Returning to our example, a properly drafted Horizontal Pugh Clause would not only terminate the lease as to the 180 non-pooled acres but also as to all horizons and strata below the deepest depth drilled, i.e., 7800 feet. In other words, the entire lease would terminate as to all horizons and strata below 7800 feet. Even the pooled acreage (i.e., the 50 acres) would be severed as to the deeper formations. The lease would remain in effect only as to the 50 pooled acres and the hydrocarbons formations between the surface and 7800 feet immediately under those 50 acres. Mr. Landowner could then lease the deeper formations to another operator, although that operator could not produce hydrocarbons above 7800 feet from the pooled acreage. Given the ongoing and rapid evolution of horizontal drilling technology, deeper shale horizons can now be realistically targeted and penetrated. Landowners should carefully consider the scope of their horizontal lease terms and implement appropriate safeguards such as the Horizontal Pugh Clause so as to preserve ownership of future exploration opportunities.
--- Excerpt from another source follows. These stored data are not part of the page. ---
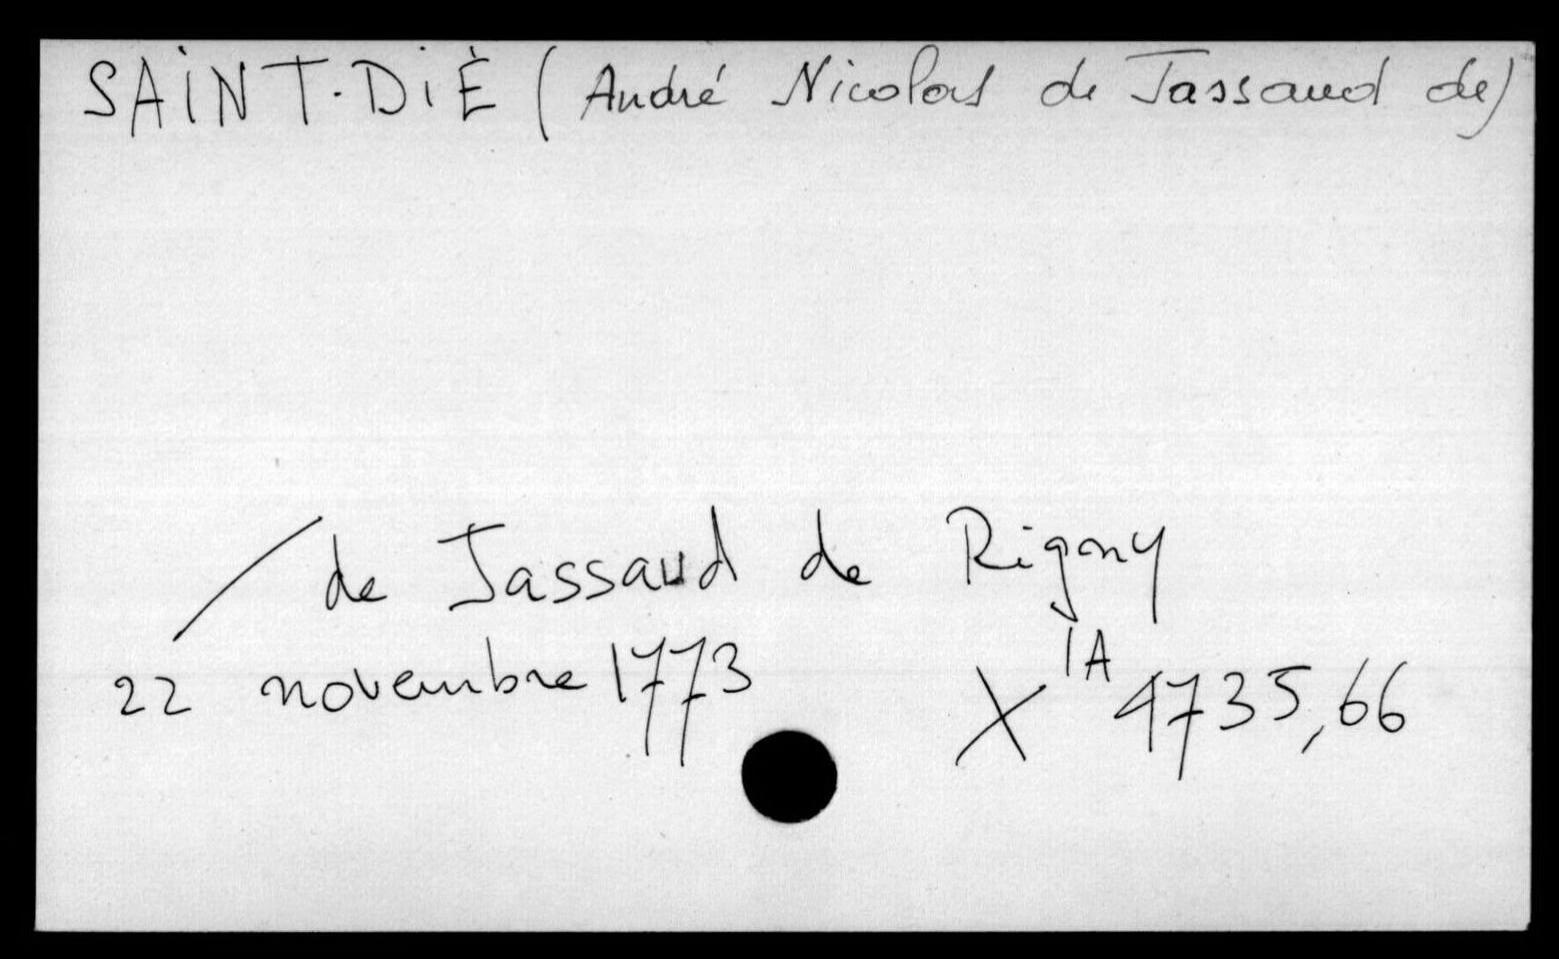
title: SAINT-DIE (André Nicolas de Jassaud de)
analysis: Contre de Jassaud de Rigny
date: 22 novembre 1773
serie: X1A
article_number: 4735
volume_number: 66

Closely related to the Horizontal Pugh Clause is the “Retained Acreage Clause.” Generally, a retained acreage clause will terminate the lease as to acreage outside the drainage pattern of a producing well. The acreage surrounding the producing well will remain subject to the lease but the remaining acreage is released. How much surface acreage is retained is negotiated by the parties. Unlike the Pugh Clause, the retained acreage clause does not require pooling in order to become effective. The retained acreage clause in a traditional lease, however, often does not carry out the intent of the landowner and must be revised to reflect the realities of horizontal drilling. A revised retained acreage clause in a horizontal lease should provide that at the end of the primary term:
“[T]his lease shall terminate as to all depths and horizons lying more than 100 feet below the stratigraphic equivalent of the Marcellus Shale Formation from which production in paying quantities is then being had…”
Such language will release the deeper, unexplored horizons from the lease at the end of the primary term. Care must be exercised in drafting the revised retained acreage clause. Imprecise drafting could result in the unintended consequence of severing deeper portions of the producing horizon. For example, a description of the severance as “from the surface to a depth of 6000 feet below the surface” could create operational problems. The surface is not uniform and perfectly flat so a specific depth reference could result in an uneven severance, depending from where the surface measurement is commenced. The depth severance should therefore reference a specific geological structure and/or formation as the baseline (i.e., “100 feet below the top of the Marcellus Shale Formation”).
In addition to royalty allocation and depth severance issues, horizontal drilling requires a close examination of other traditional clauses such as the “continuing operations” clause, the “shut-in royalty” clause and the “drilling commitment” clause. These clauses, like the ones discussed above, require appreciation of the unique challenges presented by horizontal drilling.
1 The provision derives its name from the Louisiana lawyer who originated the concept in the early 1950’s.